Yuan (2001) provides an excellent example of pattern recognition and matching to understand severe storm events. Beginning with more than 8,000 layers of hourly radar images per year in Oklahoma, she established individual storm tracks based on location, theme and timestamps. Working with associated storm variables (storm rotation, barometric pressure and eyewall definition), she linked storm objects with the radar images. The pattern recognition allowed her to build storm sequences and define individual storm events. Once characterization was complete in her database, she undertook pattern matching using spatiotemporal reasoning and queries to match archived storms with newly acquired data to establish if a newer storm’s characteristics were similar to earlier storms in terms of storm track, intensity, duration, etc. This example shows how recognition and matching operate in conjunction, and also points to the need for working with very large, even massive data sources. A third highlight of this example is that that both tasks (recognition and matching) can be extended into space-time settings to monitor changes among the patterns over time. Compared with aspatial data, geospatial data are spatially indexed, and such information (e.g., location, proximity, scale, and spatial configuration) plays an explicit and critical role in pattern recognition and matching. Spatial data exhibit distinctive spatial characteristics, including scale sensitivity, spatial dependence, and spatial heterogeneity (Goodchild, 2004). These properties render many analytic methods originally developed for aspatial data unsuitable for spatial data.
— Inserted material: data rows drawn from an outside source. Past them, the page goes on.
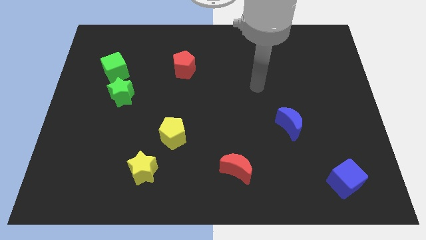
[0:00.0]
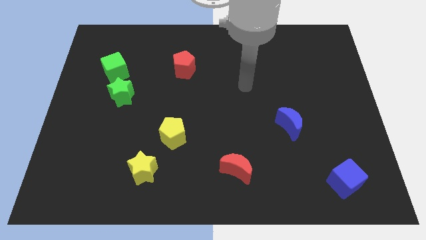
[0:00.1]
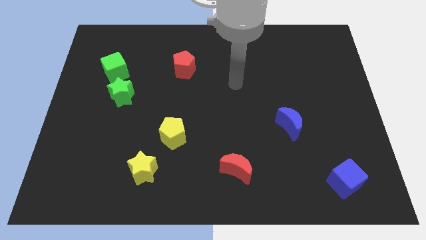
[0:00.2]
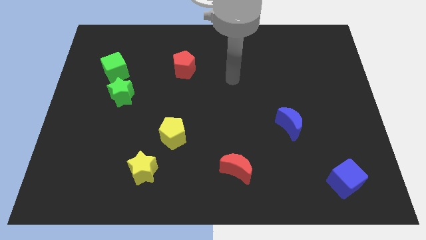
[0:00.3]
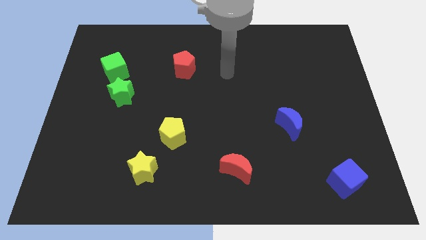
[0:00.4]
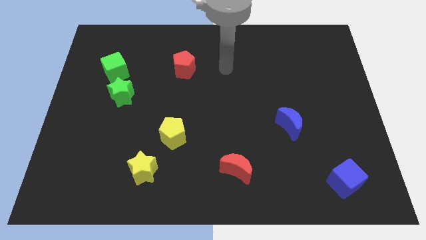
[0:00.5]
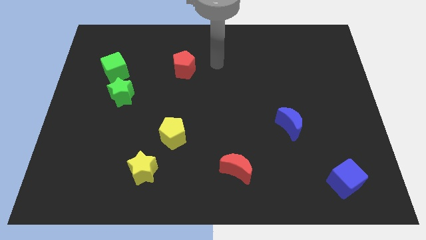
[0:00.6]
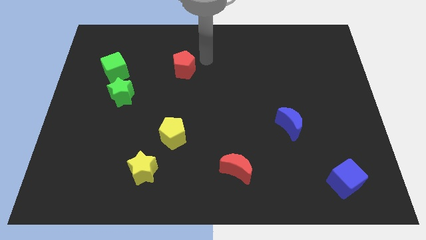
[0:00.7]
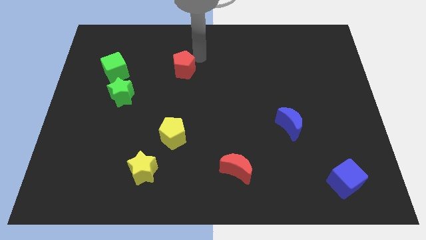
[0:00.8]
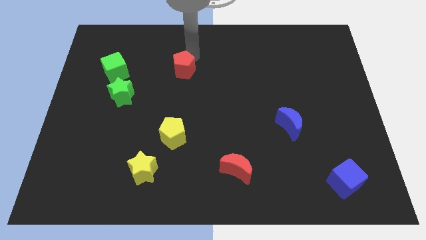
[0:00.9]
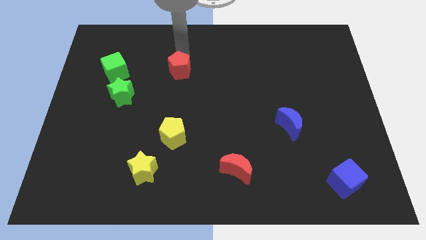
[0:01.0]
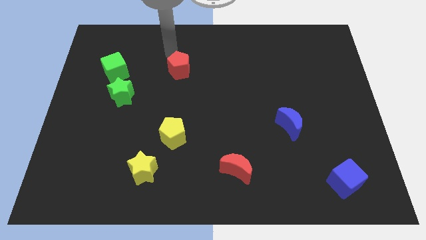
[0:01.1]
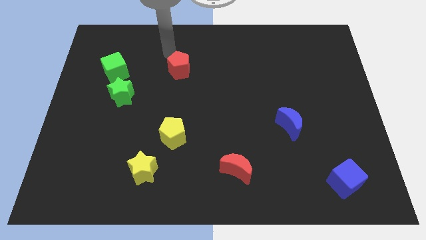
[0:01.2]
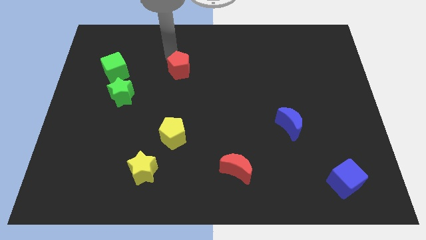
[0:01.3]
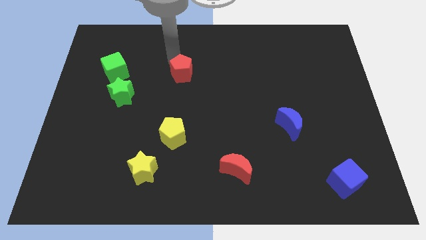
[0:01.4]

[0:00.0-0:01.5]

For example, sensitivity to scale means that pattern recognition must anticipate the resolution at which evidence of a pattern is expected. Tobler’s (1970) well- known First Law of Geography describes spatial dependence, the similarity or autocorrelation of spatial observations with nearby observations. It advises that conventional statistical methods developed under the assumption of independent observations might not work for spatial data. The less well-known Second Law of Geography describes spatial heterogeneity and the non-stationary nature of spatial data and processes (Anselin 1989), which highlights the importance of incorporating local conditions in searching for spatial patterns (Fotheringham et al. 2003, Fotheringham et al. 2017, Gelfand et al. 2003). It calls for increasingly large data samples to be collected to account for local variations not well- represented by regional or global summaries. A Third Law of Geography was proposed recently (Zhu et al., 2018) stating that similar geographic characteristics and configurations can be expected to hold similar attributes and to reflect similar spatial processes. For example, similar tree species can be expected to occur in similar soil types, climate regimes, and topography. Its intent is to extend the prediction of spatial patterns into broader geographic contexts including geographic configurations and spatial covariates, further prioritizing the need for ancillary data.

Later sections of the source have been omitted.